Someone with 41 CAG repeats who just got tested and has 7 grown children is likely to feel differently than someone with 41 repeats without children whose parent had 50 repeats.
So the emotion that might have come up when you heard it initially might loosen its grip a little when you see the variety of responses different people might have to that specific fact. It’s ok if it still isn’t completely neutral, but do you see how it got a little closer?
Just as side note of the importance of zooming in: Notice what happened just now when we paired that circumstance “I have 41 CAG repeats” with another circumstance “I got my test results yesterday” and “I have 7 children above the age of 30”? Now there is mess around that original fact that is really hard to separate out.
Why go through all this trouble analyzing situations and seeing if we can make them neutral?
Remember: making circumstance neutral is not about eliminating all emotion in our lives. Life without emotion would be boring and meaningless. I’m not trying to turn you into robots.
Finding neutral ground to stand on gives us a blank slate to start from as we intentionally create the life we want.
How do you want to feel? How do you want to feel about the irrefutable, out of your control, neutral circumstances in your life?
Peace? Joy? Contentment? Excitement? Sadness? Anger? Grief? Disappointment?
Important to remember that we don’t necessarily want to feel good about everything. That’s not only ok, it’s good and healthy. If you went through life cheerful as can be even when you lose your job, spouse dies, and home floods, your friends and family would be seriously concerned about you and for good reason.
It’s not about being happy about everything that happens, it’s about knowing that you have the CHOICE.
In the previous episode I talked about why the way we think about things matters. It comes down to the fact that the story we tell ourselves becomes the lens through which all of our life gets filtered. This means that any evidence that contradicts our story gets filtered out and any chances we have to change our story feel less possible to us.
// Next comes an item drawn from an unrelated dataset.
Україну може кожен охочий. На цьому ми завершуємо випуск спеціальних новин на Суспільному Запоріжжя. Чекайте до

If you are having a hard time seeing a circumstance as being neutral and I ask why, the answer is going to be another thought, not a fact, every time. It is going to be the story that you are telling yourself around the circumstance.
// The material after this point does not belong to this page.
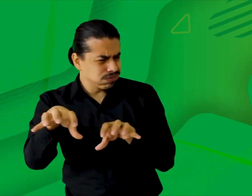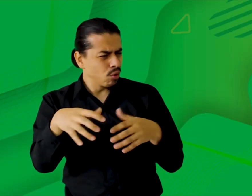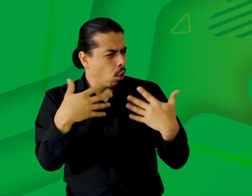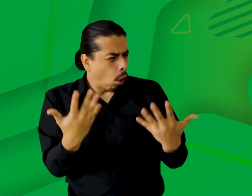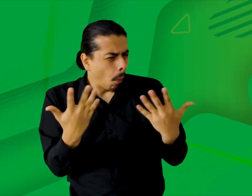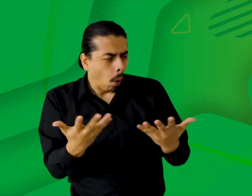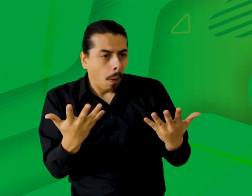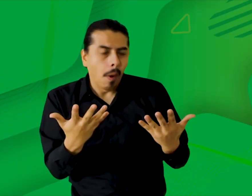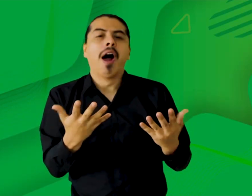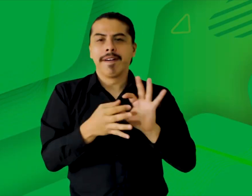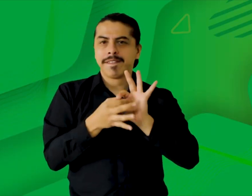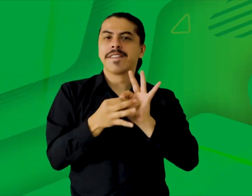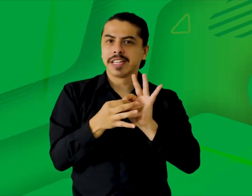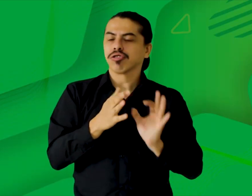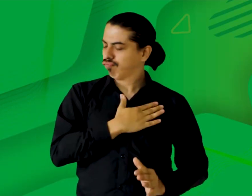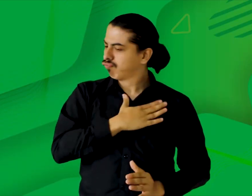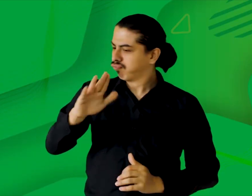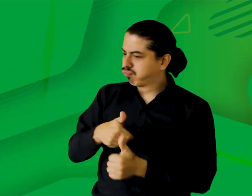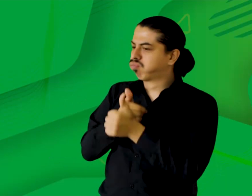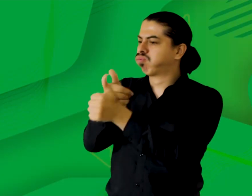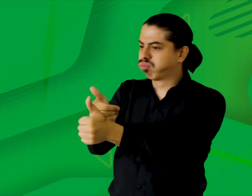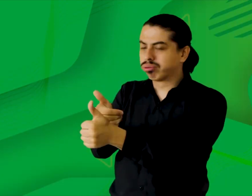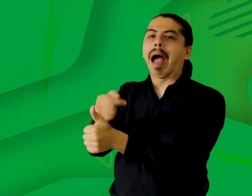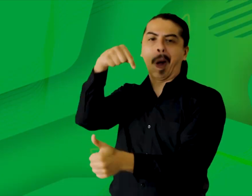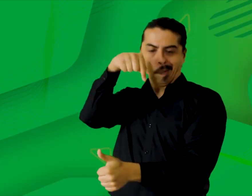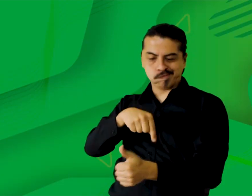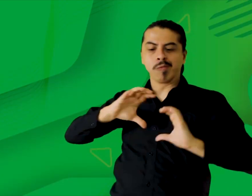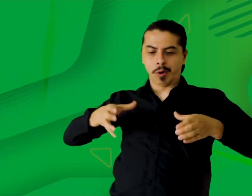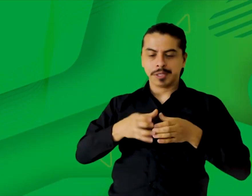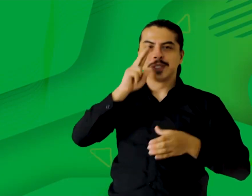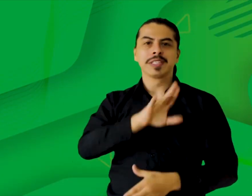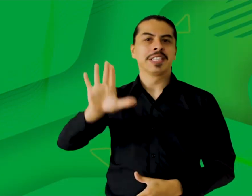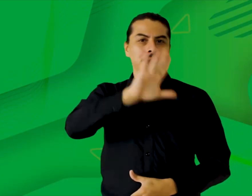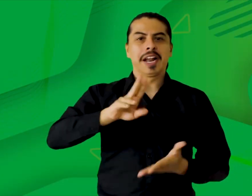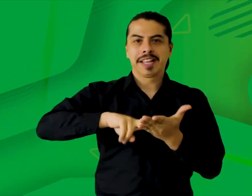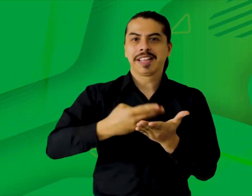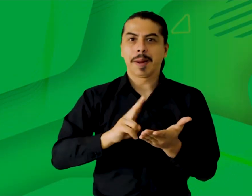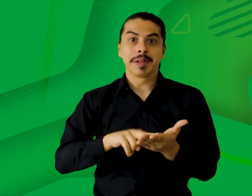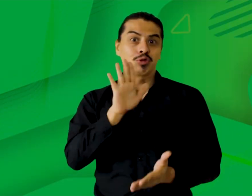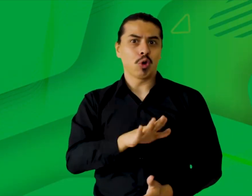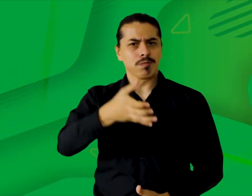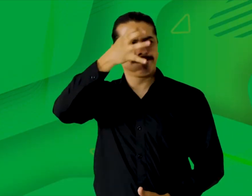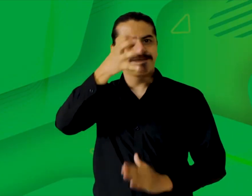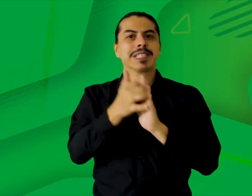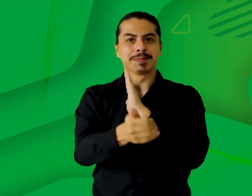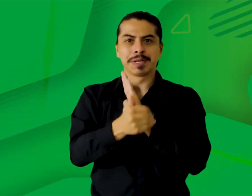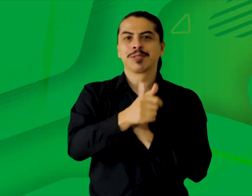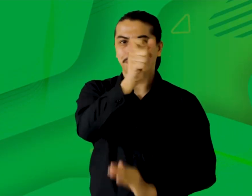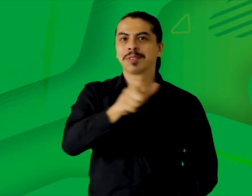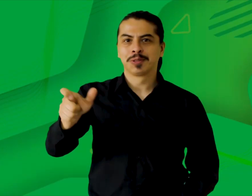prestaría asesoría a quienes deseen conocer más acerca de la interpretación y su quehacer a través de los expertos de la

That’s the part that we pick some provable facts out of in order to get started with our work here. But remember: I'm not trying to take your story away from you.
Circumstances: are the facts of the situation. They are indisputable, everyone would agree, you could prove it in court or take a blood test for it.
3 truths about circumstances:
3 tools that will help when a circumstance doesn’t feel neutral:
When we are trying to write our own life story, it is critical to simplify the facts, find ways to remove the drama, take things one circumstance at a time.
Then you can start intentionally deciding what you want that fact to mean about your life, how much power you want to give it, and how you want that fact to impact your life.